Keywords: atomic force microscopy; biomechanical properties; flax fibers; gravitropic response; rhamnogalacturonan I; rhamnosyltransferases; tertiary cell wall; transcriptome.

FIGURE 1

Schematic of the experimental design. Flax plants were inclined and stapled to the soil at the level of the cotyledons. Gravitropic response developed over 96 h. Five-cm-long stem segments beginning at 3 cm above the cotyledons were used in the analyses. The upper part of the gravitropic bend was designated as the pulling side (PUL) and the lower part as the opposite side (OPP). Phloem and xylem (XYL) parts of the stem were collected separately for RNA-Seq in the control and after 8, 24, and 96 h of gravitropic response.

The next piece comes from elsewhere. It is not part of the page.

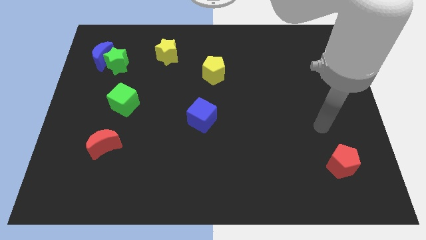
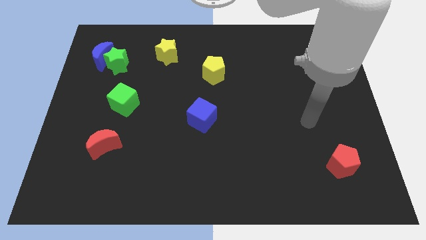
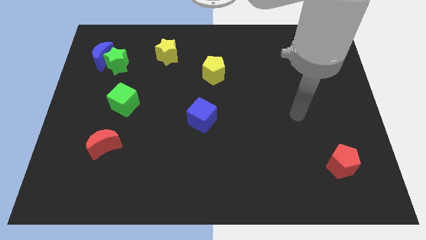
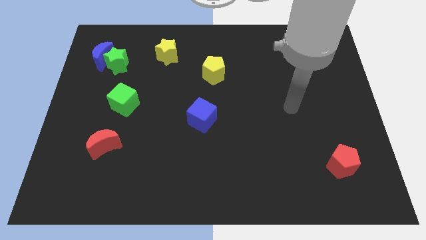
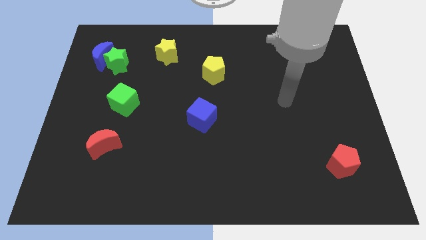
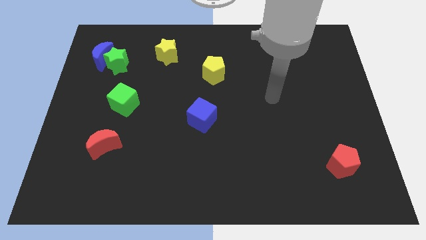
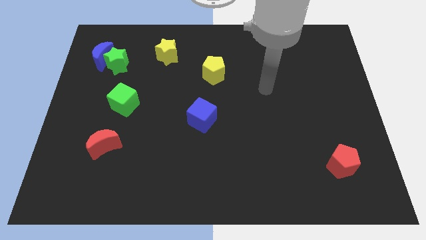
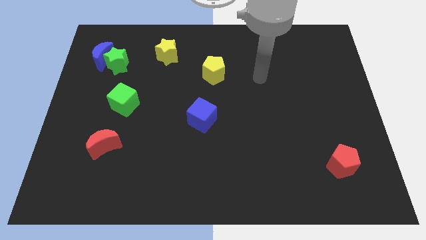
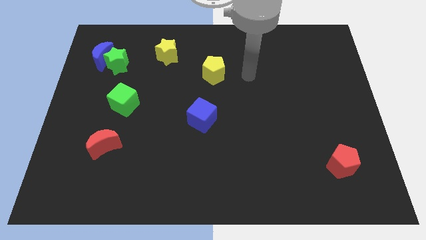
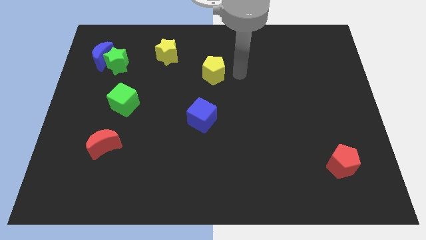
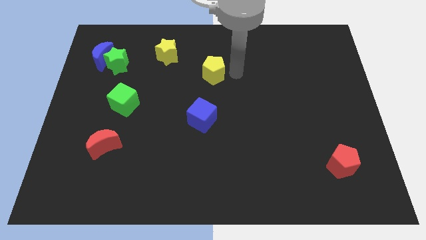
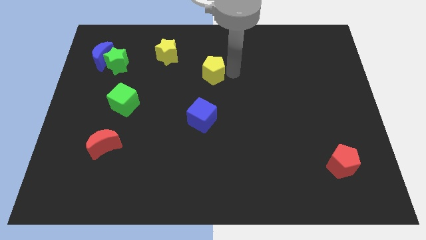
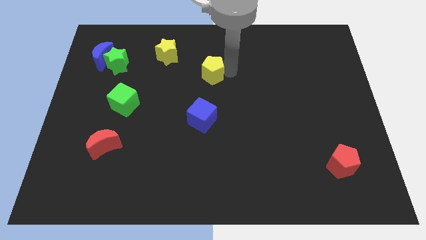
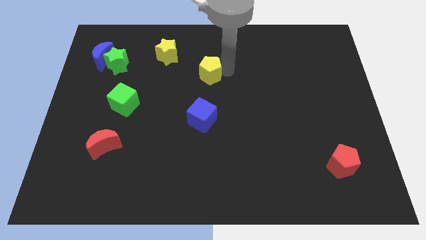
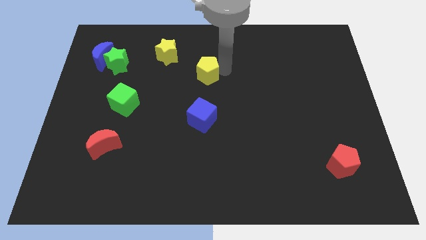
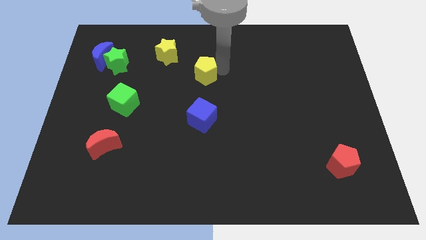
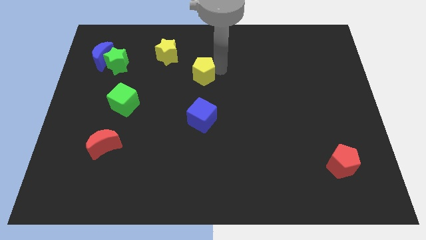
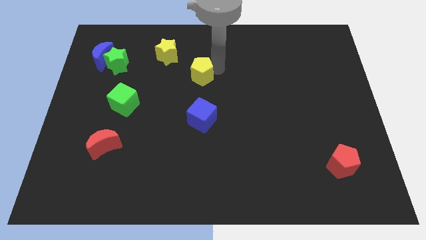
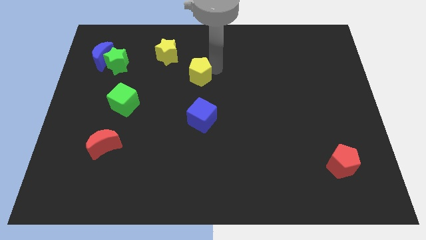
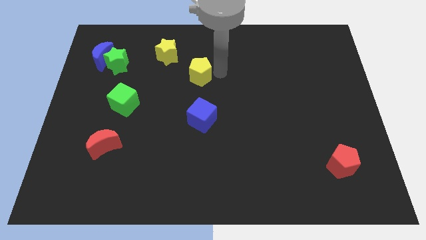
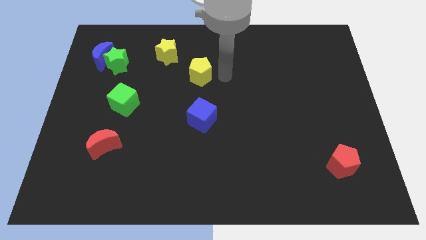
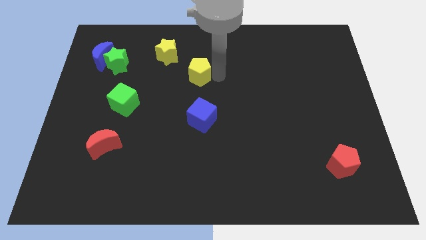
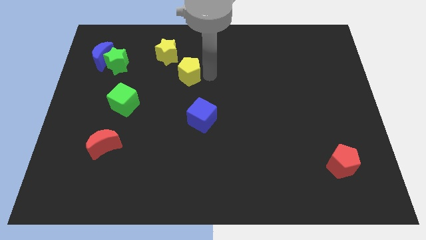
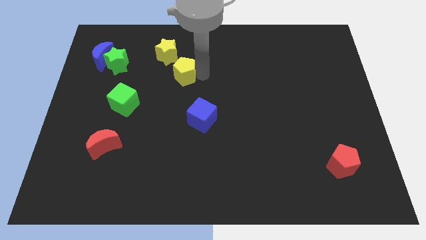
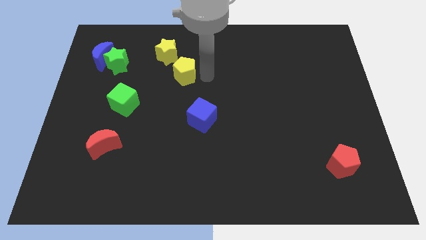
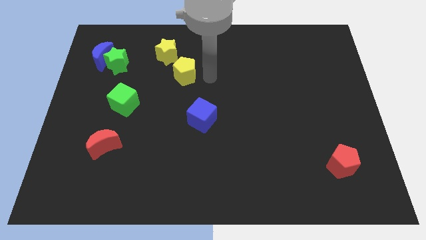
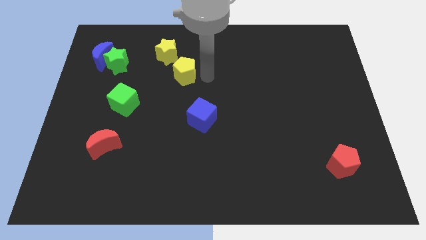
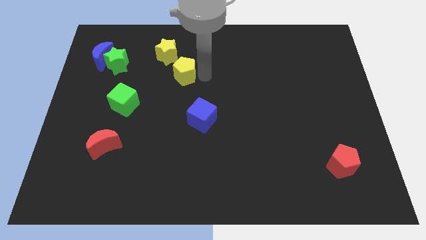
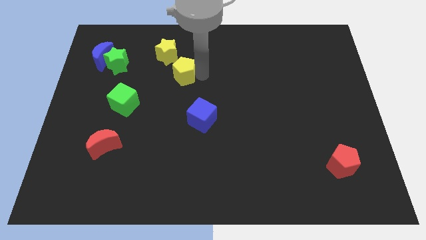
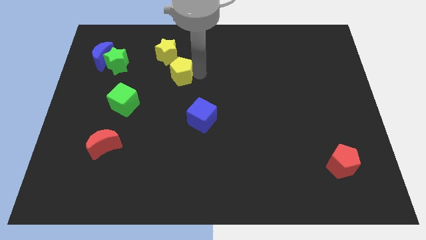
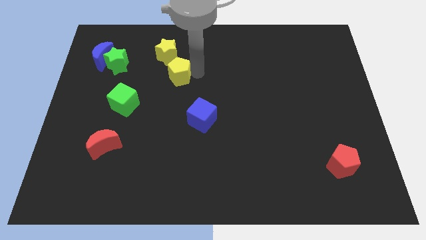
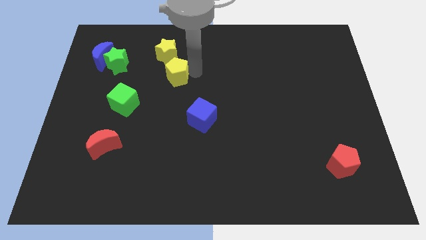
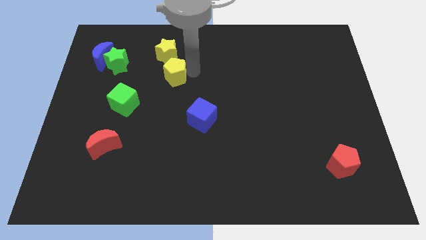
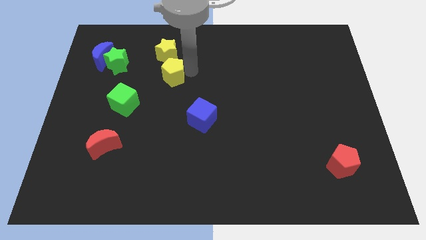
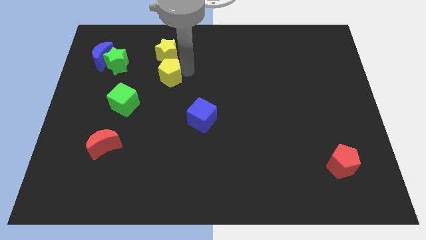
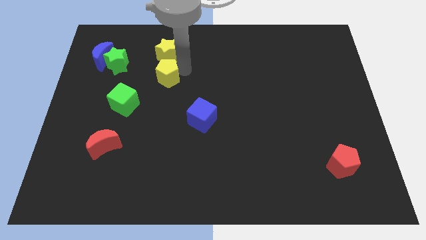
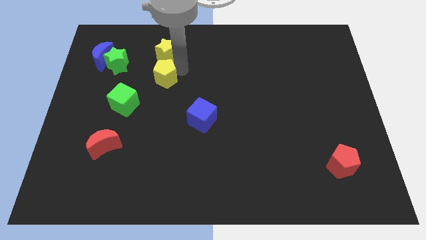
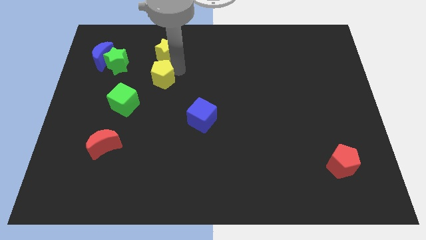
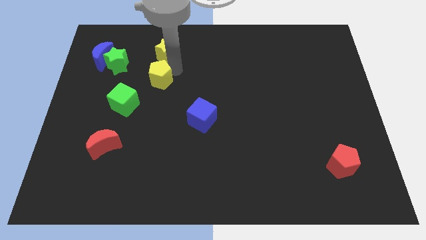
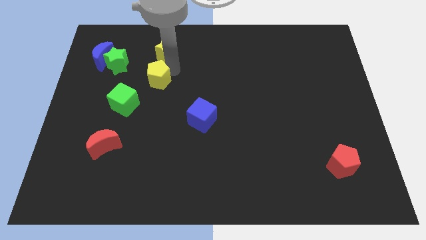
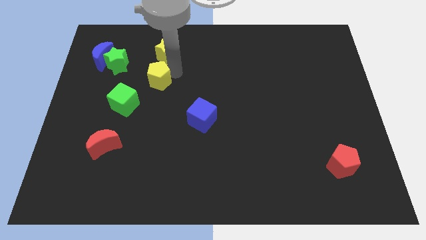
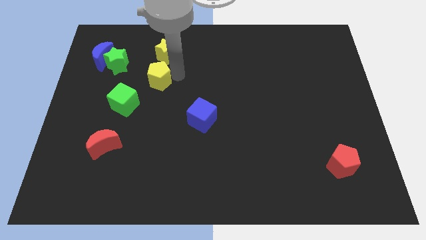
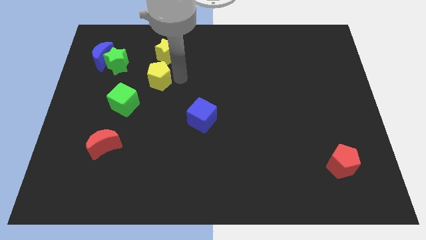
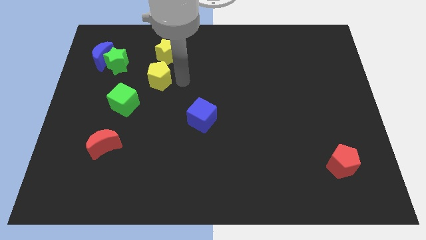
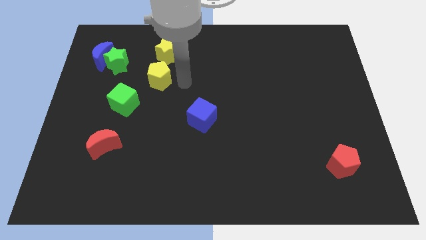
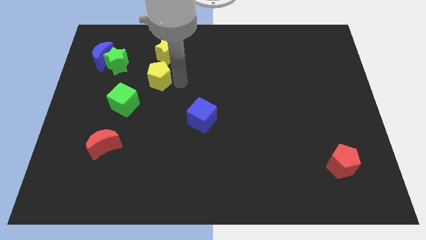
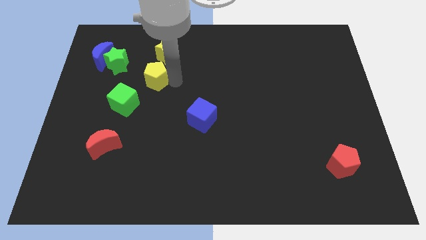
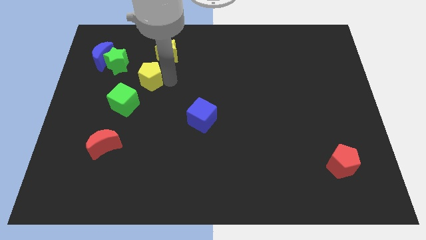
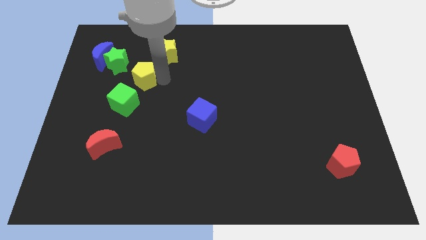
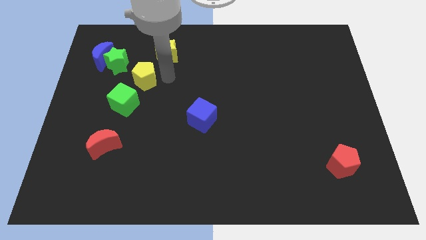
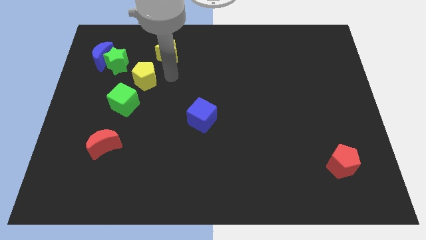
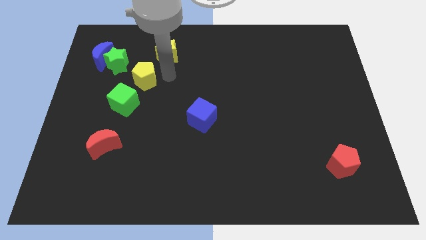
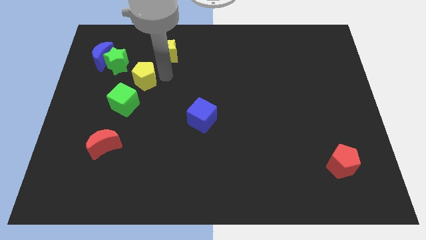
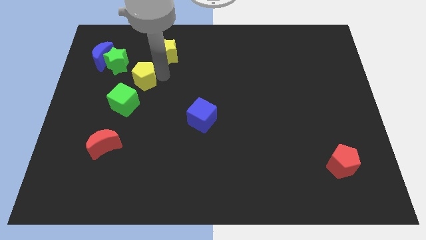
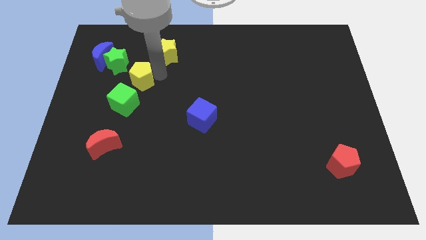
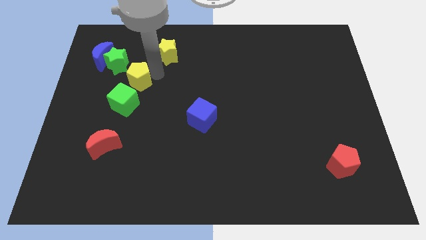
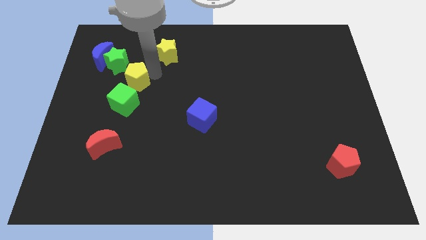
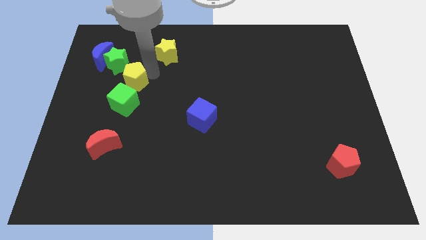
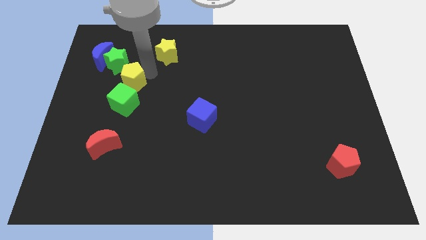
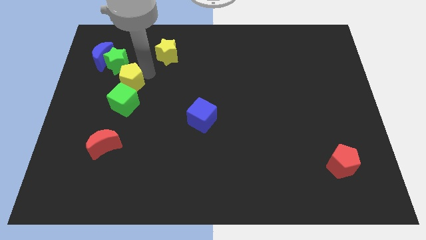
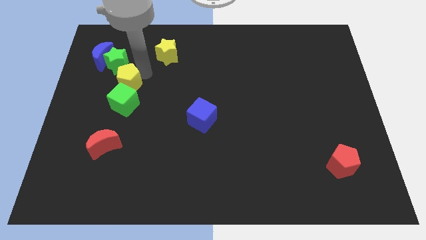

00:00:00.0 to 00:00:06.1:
put the yellow pentagon to the top left side of the green cube

Phloem parts were washed several times in ethanol in a mortar with gentle pestling to isolate phloem fibers (FIB). All samples for fluorescence microscopy and atomic force microscopy were collected 96 h after gravistimulation. Control samples were taken from the non-inclined plants, at the same stem level and at the same time as for the inclined plants.

FIGURE 2

Fluorescence micrographs of flax stem cross sections immunolabeled by (A) LM11 (xylan) and (B) LM5 (1,4-galactan) antibodies in control plants and after 4 days (96 h) of gravistimulation. Bars are 100 μm. Ph, phloem; X, xylem. (C) Mean fluorescence intensity of different cell walls. TCW, tertiary cell wall; G and Gn, G and Gn layers. Values are the mean ± SD. Different letters above the bars indicate a significant difference according to one-way ANOVA followed by Tukey’s test at α = 0.01.

FIGURE 3

Atomic force microscopy of fiber cell walls in control and gravistimulated flax plants 96 h after stem inclination. (A) Stiffness (N/m) maps of phloem (top) and xylem (bottom) fibers in control and gravistimulated flax plants. One representative image for each variant is shown. Stiffness scales are on the right side of each map. Bars are 10 μm. G- and Gn-layers of tertiary cell walls in phloem and similar structures in the cell walls of xylem fibers on the pulling side are indicated. S indicates secondary cell walls. Parallel lines on each image are scratches left by the knife. (B) Thickness (μm) and (C) Apparent elasticity modulus (GPa) of different cell wall layers. SCW, secondary cell walls; TCW, tertiary cell walls. Values are the mean ± SD. Different letters above the bars indicate a significant difference according to one-way ANOVA followed by Tukey’s test at α = 0.01 (individual comparisons are shown by regular, italic, and bold-type fonts of these letters).

FIGURE 4

Maximum-likelihood phylogenetic dendrogram of plant GT106 protein family members (with PF10250 and IPR024709 domains) of flax (black) and Arabidopsis thaliana (red). Dark gray confines the RG-I:rhamnosyltransferase (RRT) clade, according to Takenaka et al. (2018), and light gray indicates the RRT clade size, according to Wachananawat et al. (2020). Purple arrows show genes upregulated in the pulling side xylem during gravitropic response. The A. thaliana gene names are according to the annotation of the Uniprot database⁸ (Bateman et al., 2019). Numbers indicate the ultrafast bootstrap support values; branch lengths were ignored.